Specular-Inclusive Radiosity

The way that light reflects off diffuse and specular objects is very different. The result of this, without going into the microscopic reasons, is that diffuse reflections are uniform regardless of the incident angle, while specular reflections are concentrated around an excident angle opposite the normal of the incident angle. Because of this a normal form factor can not be used for light distribution from specular reflections.

Using a normal form factor light from a light source falls off with d^2 where d is the distance from the light source. This is appropriate for diffuse reflections, and non directional light sources because it assumes that light emmits from the source with equal intensity in every direction.

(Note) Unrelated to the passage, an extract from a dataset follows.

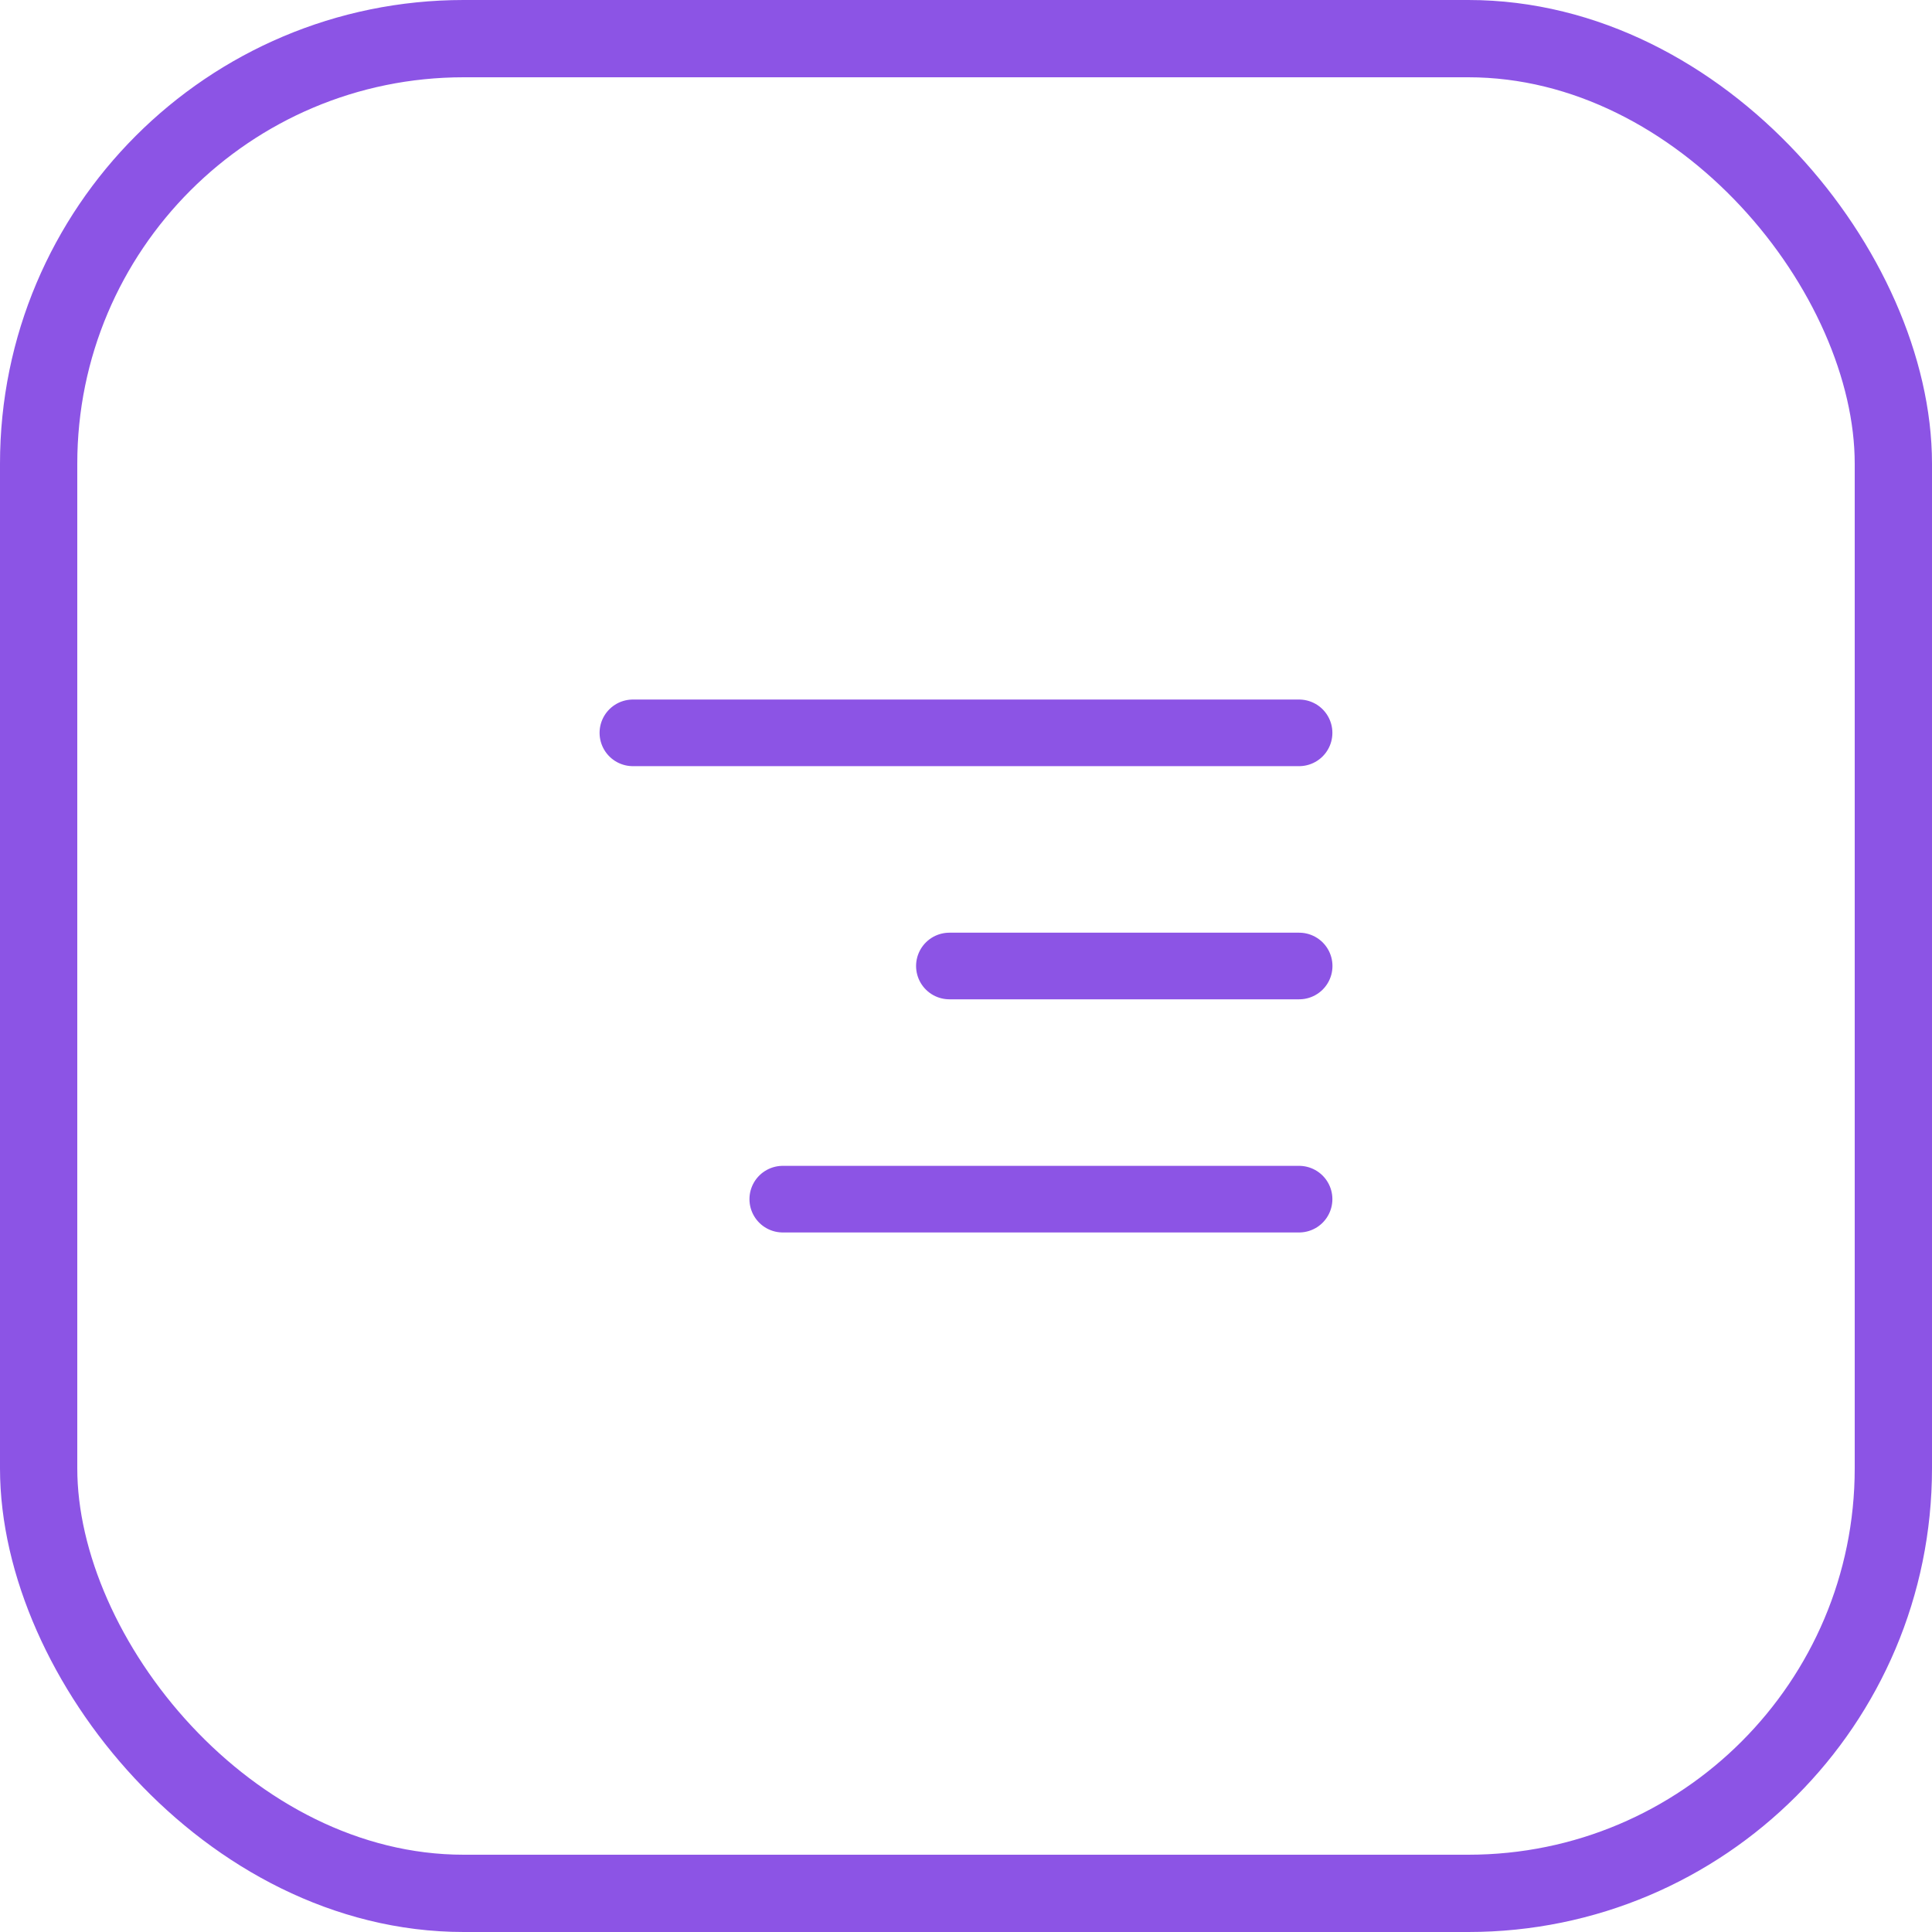 <?xml version="1.0" encoding="UTF-8"?> <svg xmlns="http://www.w3.org/2000/svg" width="50" height="50" viewBox="0 0 50 50" fill="none"> <rect x="1" y="1" width="48" height="48" rx="11" stroke="#8C54E5" stroke-width="2"></rect> <path d="M16.379 18.966H33.62" stroke="#8C54E5" stroke-width="1.724" stroke-linecap="round" stroke-linejoin="round"></path> <path d="M24.57 25H33.622" stroke="#8C54E5" stroke-width="1.724" stroke-linecap="round" stroke-linejoin="round"></path> <path d="M20.258 31.034H33.62" stroke="#8C54E5" stroke-width="1.724" stroke-linecap="round" stroke-linejoin="round"></path> </svg>

For a specular reflection though this is not the case. Therefore we have to change this equation so that it doesn't fall off with d^2.

The standard form factor we are using for diffuse reflections is: 

ff = ( | (n1 dot dir) * (n2 dot dir) | * A ) / ( pi * d^2 )


where:
n1 is the normal of patch 1
n2 is the normal of patch 2
dir is the direction from patch 1 to patch 2
A is the area (patches 1 and 2 have similar areas)
d is the distance between patches
And our form factor for specular reflections is: 

sff = ( | n dot dir | * d1^2) / (d2^2)


where:
n is the normal of patch reciving the light from the reflection
dir is the direction from the reflecting patch to the reciving one
d1 is the distance between the two patches
d2 is the total distance from the last diffuse reflection for the 
   light, so if the light bounces off multiple specular objects this distance
   will be the sum of all of the distances between those patches.

This new form factor remains unitless, like the diffuse form factor, but does not fall off with d^2 for every specular surface it hits. Instead it maintains the same falloff as the last diffuse surface that was intersected. This is done through multiplying by the current distance, and dividing by the new sum. The angle of the light excident from the specular surface is also not important, so the second cosine term is dropped. And the area is also no longer important because the area of all patches is assumed to be the same (We should multiply by one patch area, and divide by the other, but because they are the same they can be left out of the final equation).